Families face an extra £125 a month in tax to cover annual £42bn hole

We will ALL pay for this: Families are facing an extra £125 a month in tax to cover the annual £42bn hole left in public spending coffers caused by coronavirus crisis, experts warn

  • Families face paying £125 extra tax a month within five years, a think-tank said 
  • The Institute for Fiscal Studies fears unemployment may approach three million 
  • It also warned that there will need to be tax rises of more than £42billion a year 

Families face paying an extra £125 a month in tax within five years to stop Government debt spiralling out of control, a think-tank warned last night.

The Institute for Fiscal Studies said borrowing due to the coronavirus pandemic is already set to hit levels not seen outside the two world wars.

It warned that unless the UK is ‘lucky’, there will need to be tax rises of more than £42billion a year during the middle of this decade.

This is equivalent to £29 a week extra per household – and it would take an increase of 6p on both basic and higher rate income tax payers to raise this amount.

The IFS said that with the economy now shrinking as a result of the lockdown measures, the Government is facing a further hit to tax revenues which could easily exceed £200billion.

Families face paying £125 extra tax a month within five years due to Government debt, a think-tank said.
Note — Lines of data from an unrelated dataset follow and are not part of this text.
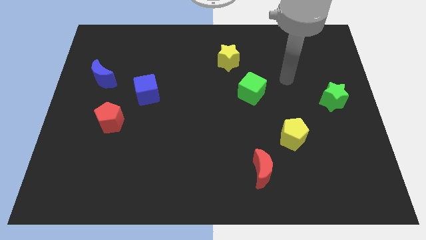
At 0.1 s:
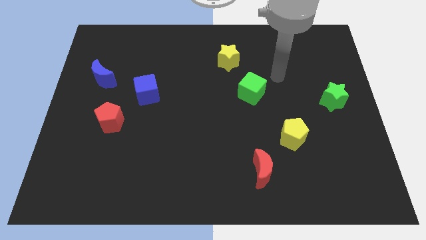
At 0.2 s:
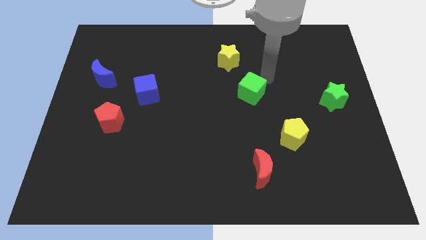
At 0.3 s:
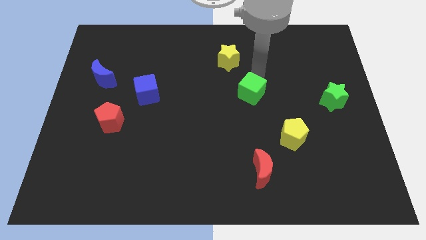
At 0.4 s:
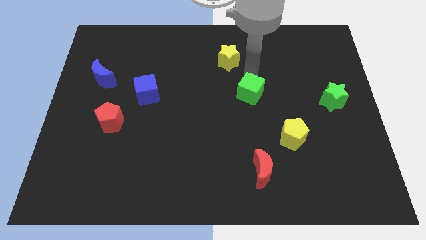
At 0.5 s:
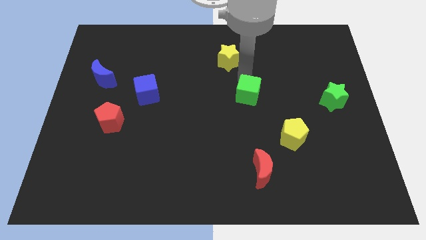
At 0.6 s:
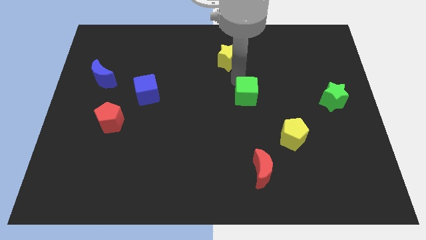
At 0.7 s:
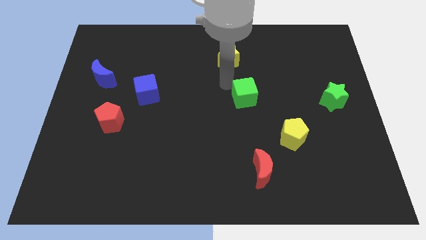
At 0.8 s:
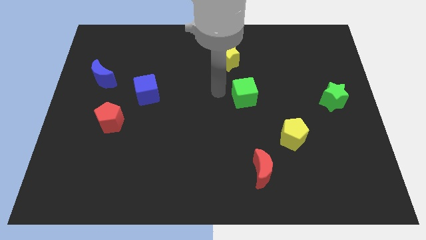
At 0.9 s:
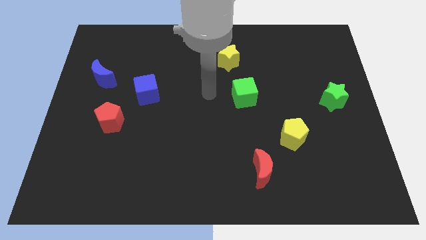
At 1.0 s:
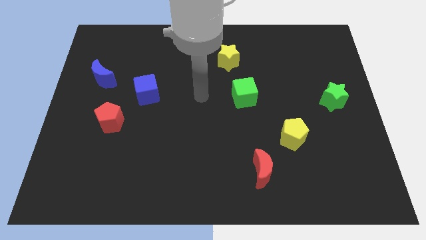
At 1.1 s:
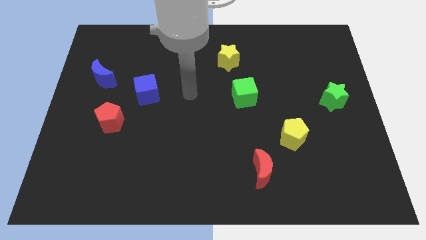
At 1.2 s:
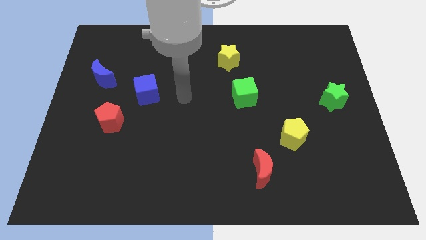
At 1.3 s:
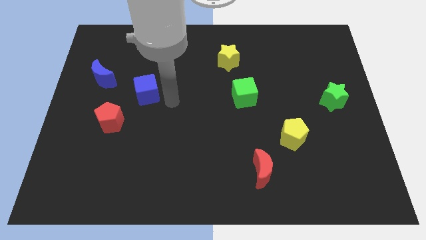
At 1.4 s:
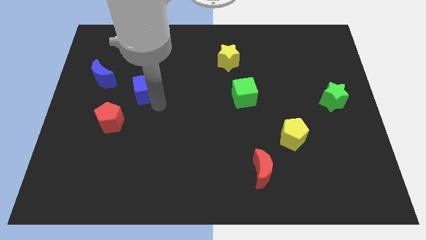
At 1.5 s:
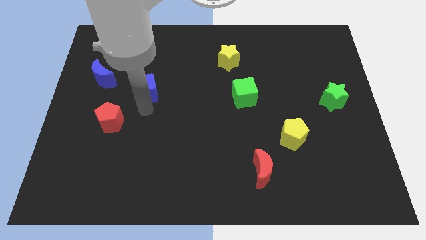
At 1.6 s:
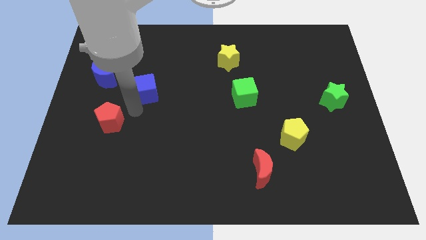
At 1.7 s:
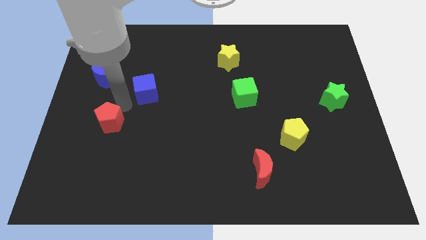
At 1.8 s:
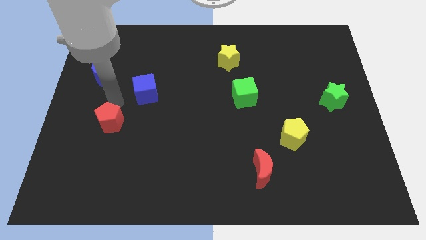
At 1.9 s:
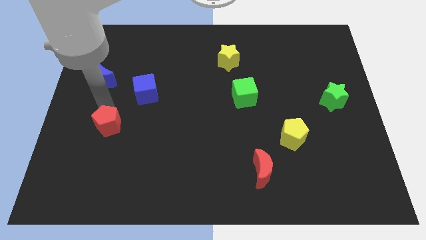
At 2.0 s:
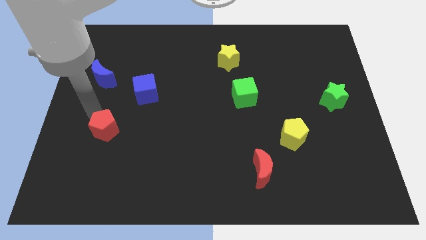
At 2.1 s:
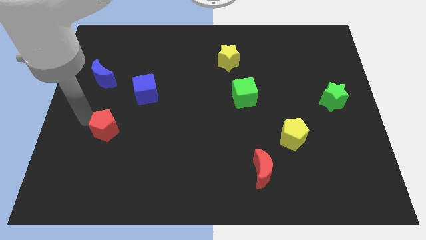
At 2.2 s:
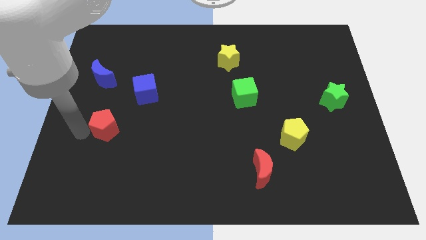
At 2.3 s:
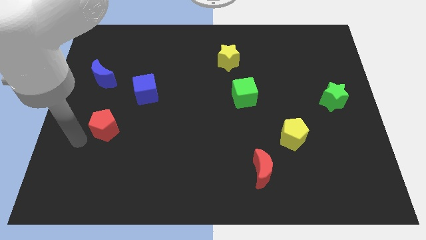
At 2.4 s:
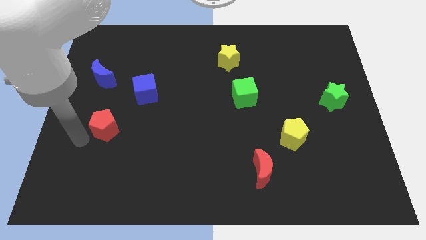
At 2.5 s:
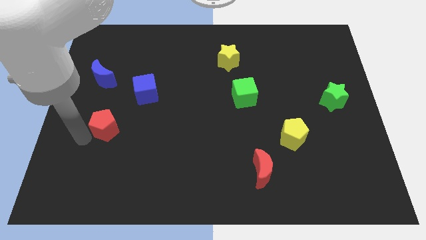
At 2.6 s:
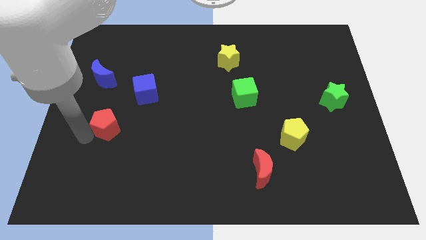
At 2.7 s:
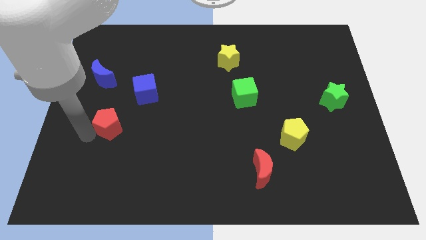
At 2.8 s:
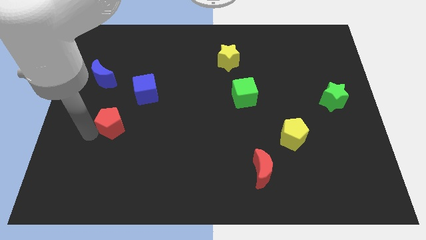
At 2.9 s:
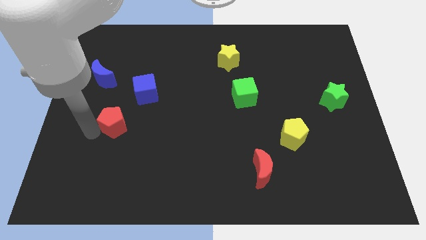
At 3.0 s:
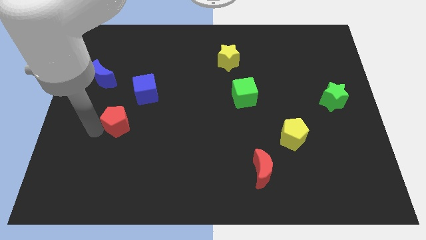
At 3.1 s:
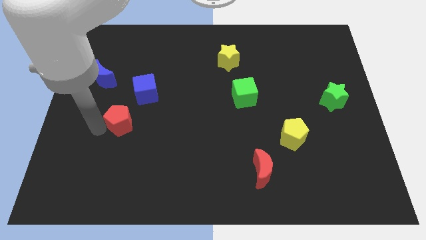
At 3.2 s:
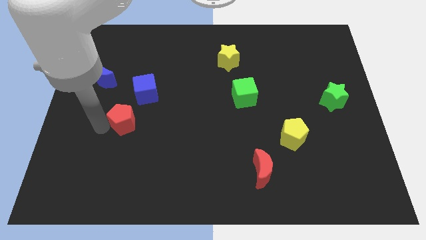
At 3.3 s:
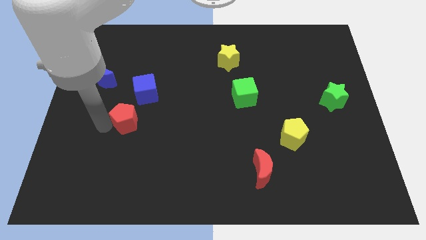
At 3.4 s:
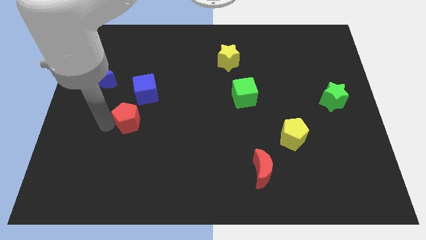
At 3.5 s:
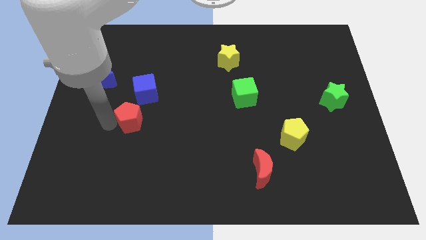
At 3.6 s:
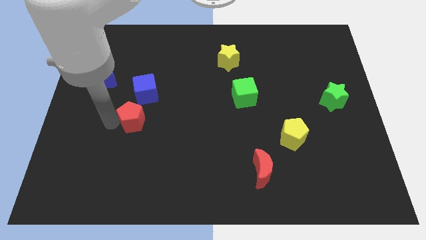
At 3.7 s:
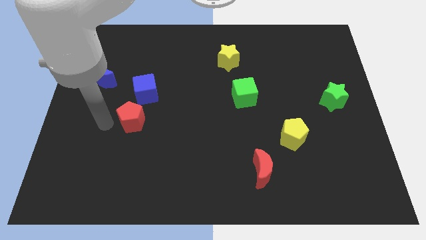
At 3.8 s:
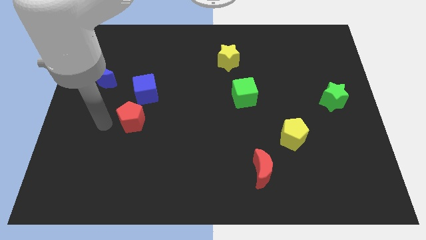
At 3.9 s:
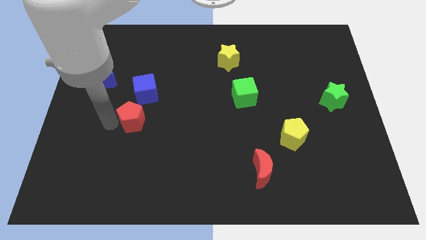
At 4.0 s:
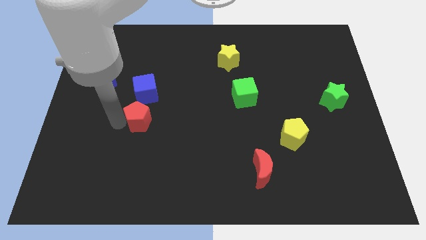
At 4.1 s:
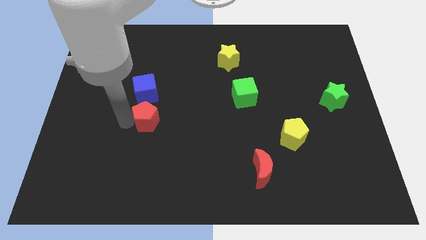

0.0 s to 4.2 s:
slide the red pentagon to the right a little bit

Rishi Sunak said the Government had a ‘responsibility’ to balance the books

The think-tank fears unemployment could approach three million, the highest it has been since the early 1990s.

The warning came after Chancellor Rishi Sunak said last week that the Government had a ‘sacred responsibility’ to future generations to balance the books.
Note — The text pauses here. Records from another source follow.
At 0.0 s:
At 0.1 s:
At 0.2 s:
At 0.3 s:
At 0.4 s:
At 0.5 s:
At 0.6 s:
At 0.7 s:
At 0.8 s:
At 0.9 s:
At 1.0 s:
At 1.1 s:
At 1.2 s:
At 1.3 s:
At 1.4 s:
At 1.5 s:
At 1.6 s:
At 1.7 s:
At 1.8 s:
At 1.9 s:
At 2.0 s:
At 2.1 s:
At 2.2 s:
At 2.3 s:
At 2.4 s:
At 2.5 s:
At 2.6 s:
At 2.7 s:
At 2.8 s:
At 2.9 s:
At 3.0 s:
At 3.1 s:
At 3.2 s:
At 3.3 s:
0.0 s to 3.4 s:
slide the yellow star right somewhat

In its ‘green budget’ report, the IFS predicted that, while it would be unwise for ministers to try to balance the books while the economy still needs support, over the medium term taxes will almost certainly have to rise.

Deputy director Carl Emmerson said it would be safer for the Conservatives to say ‘we will never balance the books’ before the next election ‘and we wouldn’t advise we try’.
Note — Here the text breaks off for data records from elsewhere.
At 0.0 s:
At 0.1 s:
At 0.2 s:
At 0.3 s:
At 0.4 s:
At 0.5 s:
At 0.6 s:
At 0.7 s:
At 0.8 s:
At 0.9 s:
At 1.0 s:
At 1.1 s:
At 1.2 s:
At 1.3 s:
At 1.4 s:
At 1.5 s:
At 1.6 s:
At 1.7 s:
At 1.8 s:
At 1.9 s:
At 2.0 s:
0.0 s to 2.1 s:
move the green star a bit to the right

The report said the Government had already increased spending on day-to-day public services by £70billion in response to the pandemic. 

Even if three-quarters of that was to stop this year, it would still add £20billion to public sector borrowing by 2024/25.

The IFS said that under its ‘central scenario’ the economy would be 5 per cent smaller in four years’ time than was projected at the start of the outbreak in March.

That would mean a £10billion hit to public finances in terms of lost tax revenues – although in more pessimistic scenarios that could double to £200billion.

Under the central scenario, public sector net debt is forecast to be just over 110 per cent of national income in 2024/25 – up from 80 per cent prior to the pandemic and 35 per cent in the years leading up to the 2008 financial crash.

The IFS said that even if ministers were content to keep debt constant at 100 per cent of national income, and borrowing at around £80billion a year, that would still require a ‘fiscal tightening’ of around 2 per cent of national income in 2024/25. This is more than £40billion in today’s terms.

The Institute for Fiscal Studies warned that borrowing due to the coronavirus pandemic is already set to hit levels not seen outside the two world wars (file photo)

IFS director Paul Johnson said: ‘For now, with borrowing costs extremely low, Mr Sunak shouldn’t worry unduly about the debt being accrued as a result. It is necessary. 

Unfortunately, none of this will be enough fully to protect the economy into the medium run. 

Without action, debt – already at its highest level in more than half a century – would carry on rising. 

Tax rises, and big ones, look all but inevitable, though likely not until the middle years of this decade.’

The report said that while every major economy apart from China has seen GDP shrink in the first part of the year, the UK and Spain suffered the biggest fall at 20 per cent. This is double that of the US and Germany.

Payroll data suggests 700,000 jobs have already been lost even before the initial furlough scheme finishes at the end of this month.

The report said the unemployment rate is now likely to increase to around 8 or 8.5 per cent – between 2.7million and 2.9million people – in the first half of 2021.

At the same time, it said, Brexit remained ‘a substantial economic challenge’ for the country.